Work item =>
Copy exactly the lines from the beginning of the data down to and including the line holding "Q: Where are", without any pictures.

Record extracts =>
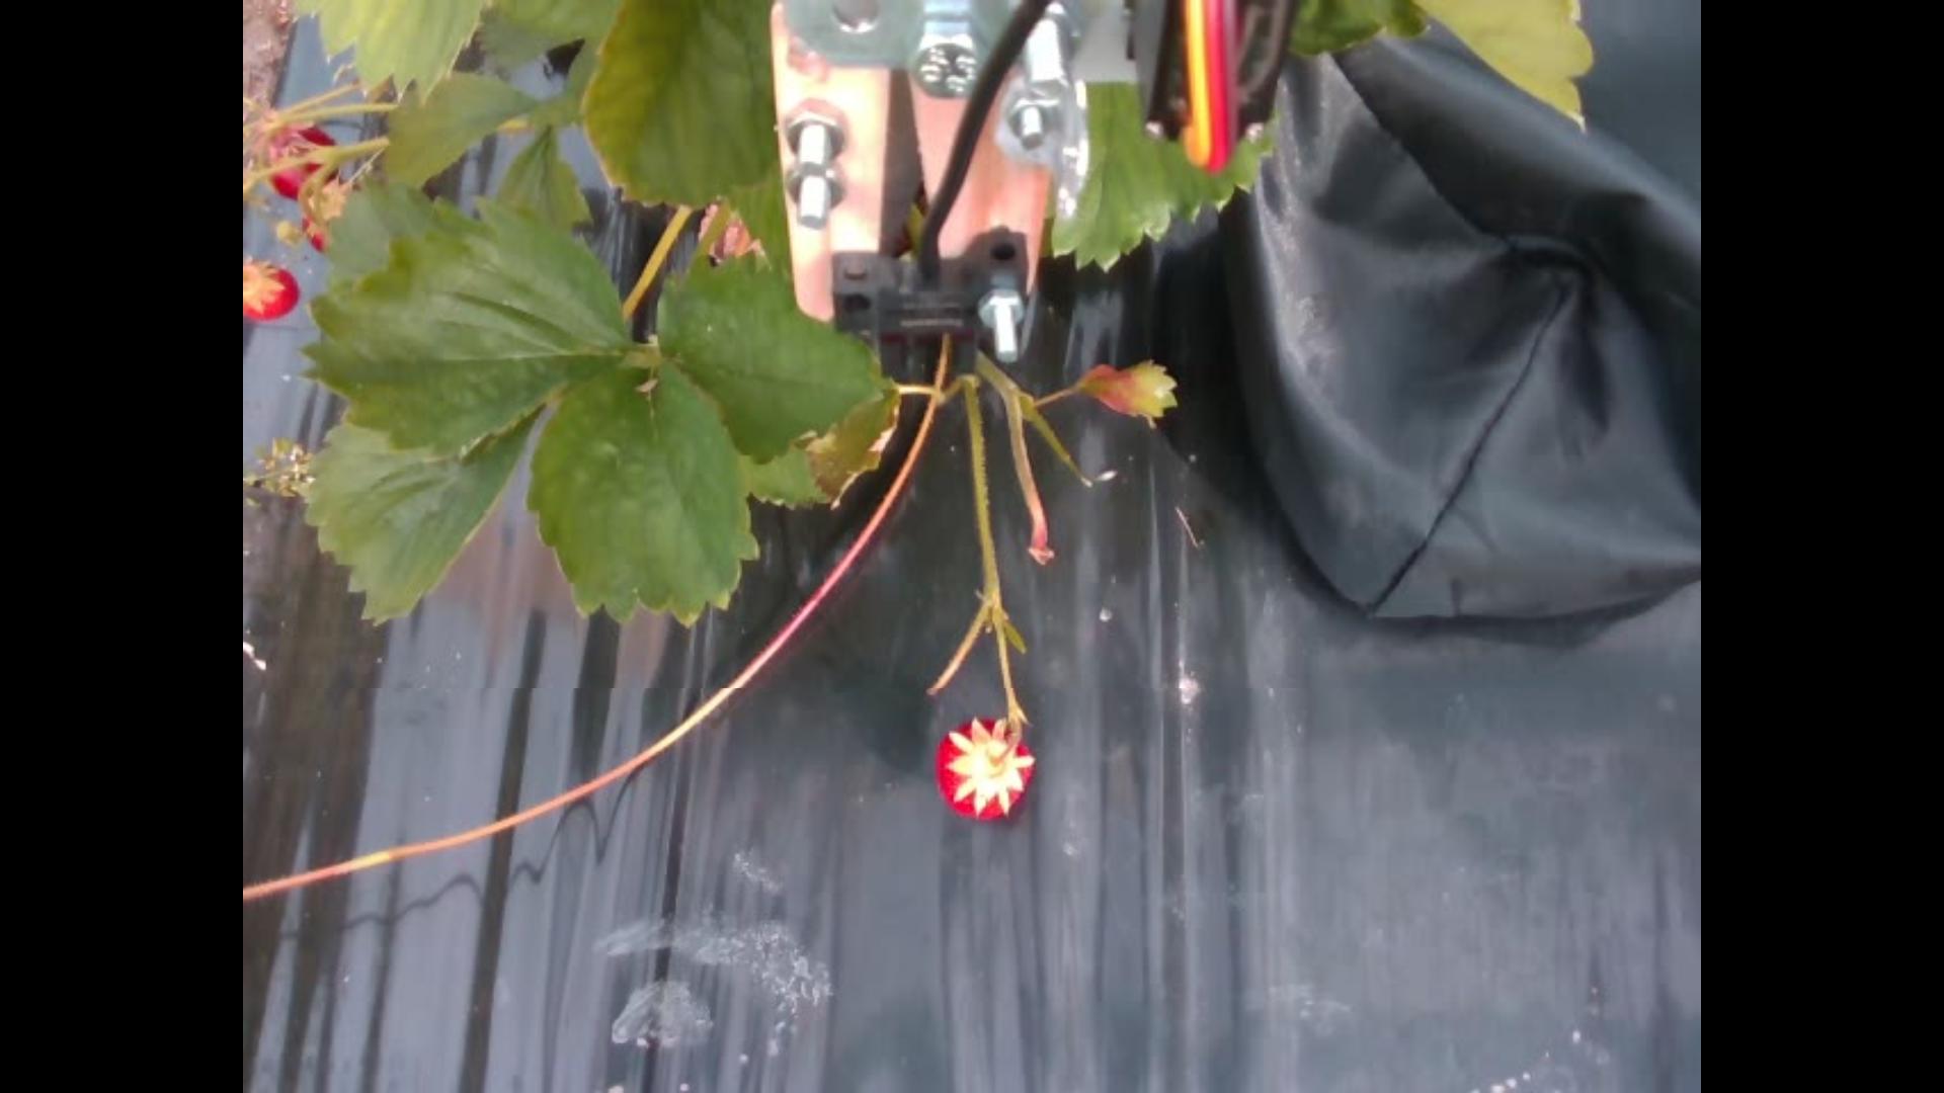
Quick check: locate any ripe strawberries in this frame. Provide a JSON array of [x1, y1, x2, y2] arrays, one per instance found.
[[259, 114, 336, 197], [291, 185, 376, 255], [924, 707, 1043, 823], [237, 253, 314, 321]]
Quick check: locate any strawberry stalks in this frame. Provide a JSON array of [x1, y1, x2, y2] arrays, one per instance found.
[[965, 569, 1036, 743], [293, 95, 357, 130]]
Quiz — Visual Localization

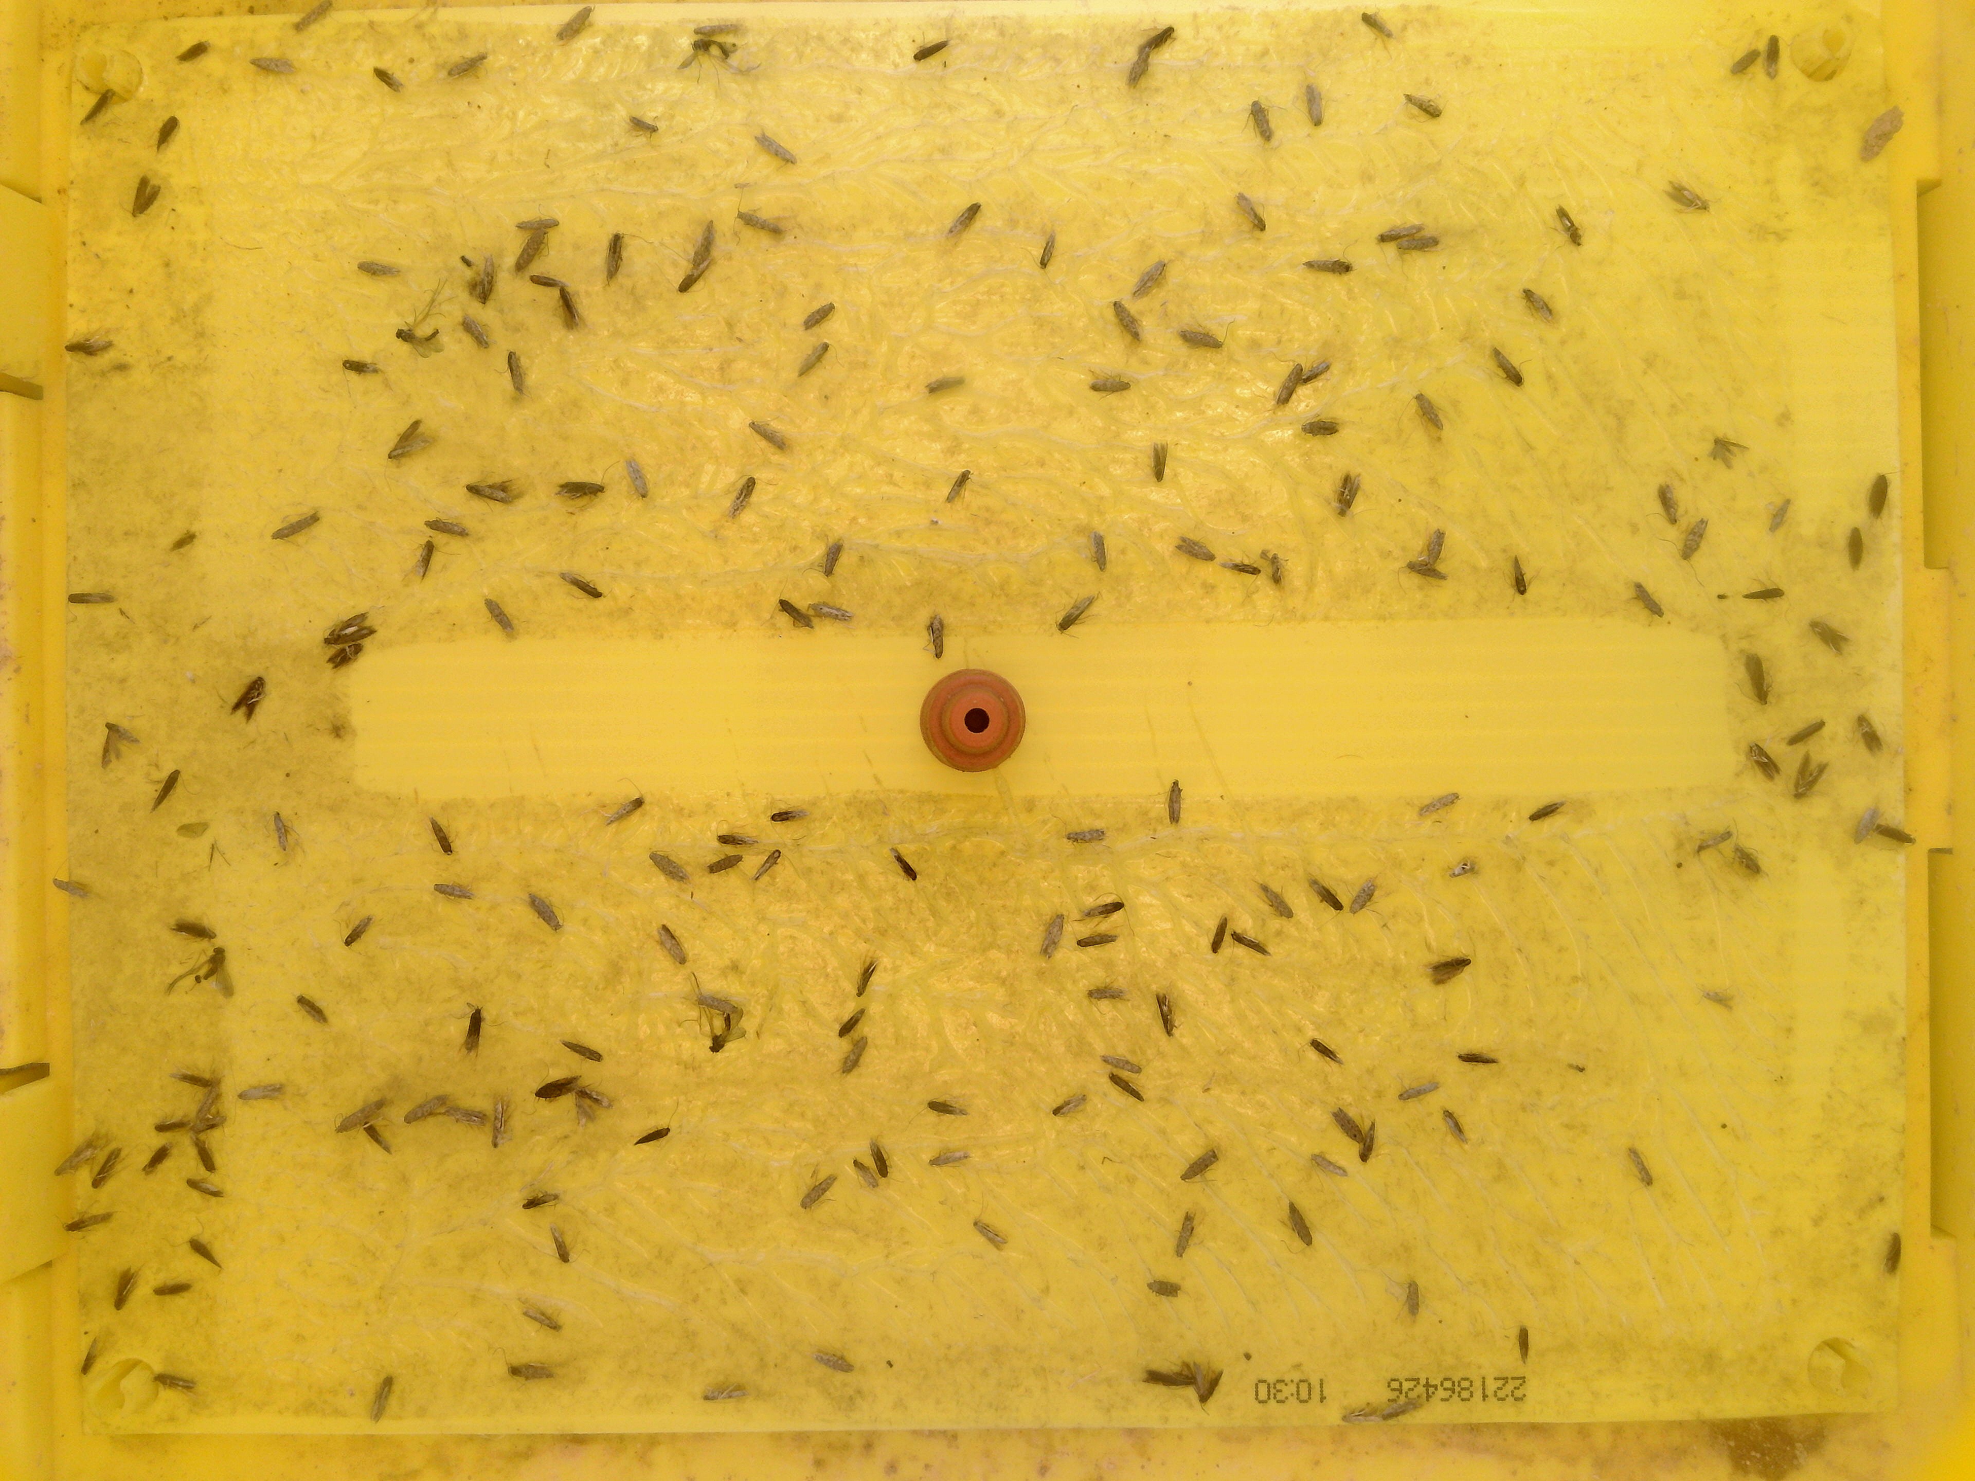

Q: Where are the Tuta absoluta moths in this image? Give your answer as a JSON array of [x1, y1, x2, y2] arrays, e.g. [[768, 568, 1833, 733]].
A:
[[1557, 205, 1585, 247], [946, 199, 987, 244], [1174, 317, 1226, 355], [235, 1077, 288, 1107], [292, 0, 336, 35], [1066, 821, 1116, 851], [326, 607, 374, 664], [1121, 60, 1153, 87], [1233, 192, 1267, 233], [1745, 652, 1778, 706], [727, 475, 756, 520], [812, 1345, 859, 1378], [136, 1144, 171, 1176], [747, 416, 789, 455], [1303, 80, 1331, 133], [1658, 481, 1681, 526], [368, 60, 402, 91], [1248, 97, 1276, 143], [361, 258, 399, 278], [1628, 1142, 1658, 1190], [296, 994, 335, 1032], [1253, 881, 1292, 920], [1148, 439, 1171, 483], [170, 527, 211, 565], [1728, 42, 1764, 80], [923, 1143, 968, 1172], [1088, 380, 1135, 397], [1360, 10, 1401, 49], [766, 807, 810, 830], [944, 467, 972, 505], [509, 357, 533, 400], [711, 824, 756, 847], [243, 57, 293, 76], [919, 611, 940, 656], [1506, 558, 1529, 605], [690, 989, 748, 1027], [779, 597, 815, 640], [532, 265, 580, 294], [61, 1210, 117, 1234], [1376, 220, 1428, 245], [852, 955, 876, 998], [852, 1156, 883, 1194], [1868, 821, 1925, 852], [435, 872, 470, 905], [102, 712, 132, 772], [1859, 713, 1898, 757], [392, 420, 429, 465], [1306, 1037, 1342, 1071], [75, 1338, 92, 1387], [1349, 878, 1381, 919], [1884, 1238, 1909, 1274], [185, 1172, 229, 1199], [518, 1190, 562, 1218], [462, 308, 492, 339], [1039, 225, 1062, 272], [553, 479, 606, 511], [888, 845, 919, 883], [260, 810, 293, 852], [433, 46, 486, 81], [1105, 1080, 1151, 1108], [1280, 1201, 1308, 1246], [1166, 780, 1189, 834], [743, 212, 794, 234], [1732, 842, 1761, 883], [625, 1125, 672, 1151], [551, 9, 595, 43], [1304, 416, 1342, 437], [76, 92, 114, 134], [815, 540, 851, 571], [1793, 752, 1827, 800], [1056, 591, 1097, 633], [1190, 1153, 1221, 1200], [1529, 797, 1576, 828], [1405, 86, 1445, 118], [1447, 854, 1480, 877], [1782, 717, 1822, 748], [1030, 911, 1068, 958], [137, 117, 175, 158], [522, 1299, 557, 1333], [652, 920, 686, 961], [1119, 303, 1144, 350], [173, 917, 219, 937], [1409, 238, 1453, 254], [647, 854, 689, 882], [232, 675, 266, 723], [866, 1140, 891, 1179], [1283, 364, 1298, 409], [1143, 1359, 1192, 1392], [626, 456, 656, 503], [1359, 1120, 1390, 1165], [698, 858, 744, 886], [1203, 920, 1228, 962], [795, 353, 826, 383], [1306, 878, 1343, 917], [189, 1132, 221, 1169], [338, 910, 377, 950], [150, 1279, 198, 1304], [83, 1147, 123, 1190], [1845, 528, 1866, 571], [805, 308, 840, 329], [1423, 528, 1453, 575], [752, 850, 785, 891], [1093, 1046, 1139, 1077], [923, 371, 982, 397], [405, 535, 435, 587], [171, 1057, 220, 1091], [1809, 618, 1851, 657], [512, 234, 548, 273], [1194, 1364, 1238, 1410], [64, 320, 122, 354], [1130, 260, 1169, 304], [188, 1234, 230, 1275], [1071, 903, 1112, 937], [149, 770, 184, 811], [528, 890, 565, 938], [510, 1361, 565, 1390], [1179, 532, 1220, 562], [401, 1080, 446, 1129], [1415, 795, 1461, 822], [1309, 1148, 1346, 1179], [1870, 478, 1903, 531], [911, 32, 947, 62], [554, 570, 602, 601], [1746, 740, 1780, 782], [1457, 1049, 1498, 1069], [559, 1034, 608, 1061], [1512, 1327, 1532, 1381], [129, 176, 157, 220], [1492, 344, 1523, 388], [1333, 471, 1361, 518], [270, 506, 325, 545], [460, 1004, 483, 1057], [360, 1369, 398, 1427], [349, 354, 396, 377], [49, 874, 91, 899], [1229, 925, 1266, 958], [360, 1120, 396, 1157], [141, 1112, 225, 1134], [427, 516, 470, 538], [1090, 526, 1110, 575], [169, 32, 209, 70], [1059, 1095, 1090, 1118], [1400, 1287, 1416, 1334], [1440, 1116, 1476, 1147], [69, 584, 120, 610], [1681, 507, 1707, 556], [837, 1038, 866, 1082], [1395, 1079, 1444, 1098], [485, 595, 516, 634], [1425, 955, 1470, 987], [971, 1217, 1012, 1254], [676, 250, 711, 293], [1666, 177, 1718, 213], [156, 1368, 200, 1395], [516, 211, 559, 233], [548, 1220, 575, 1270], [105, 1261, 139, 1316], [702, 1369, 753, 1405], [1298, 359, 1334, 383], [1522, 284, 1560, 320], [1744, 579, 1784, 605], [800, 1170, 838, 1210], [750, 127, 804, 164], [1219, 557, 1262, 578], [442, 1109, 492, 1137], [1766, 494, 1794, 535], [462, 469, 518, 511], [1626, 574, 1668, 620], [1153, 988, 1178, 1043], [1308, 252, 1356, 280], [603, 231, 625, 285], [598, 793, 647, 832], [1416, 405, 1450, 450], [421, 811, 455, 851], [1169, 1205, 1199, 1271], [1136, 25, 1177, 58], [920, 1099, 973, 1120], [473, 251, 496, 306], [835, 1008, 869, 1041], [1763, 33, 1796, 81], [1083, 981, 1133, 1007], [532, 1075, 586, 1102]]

Expected output =>
Quick check: locate any ripe strawberries in this frame. Provide a JSON array of [x1, y1, x2, y2] arrays, one per instance found.
[[259, 114, 336, 197], [291, 185, 376, 255], [924, 707, 1043, 823], [237, 253, 314, 321]]
Quick check: locate any strawberry stalks in this frame. Provide a JSON array of [x1, y1, x2, y2] arrays, one per instance found.
[[965, 569, 1036, 743], [293, 95, 357, 130]]
Quiz — Visual Localization


Q: Where are the Tuta absoluta moths in this image? Give your answer as a JSON array of [x1, y1, x2, y2] arrays, e.g. [[768, 568, 1833, 733]].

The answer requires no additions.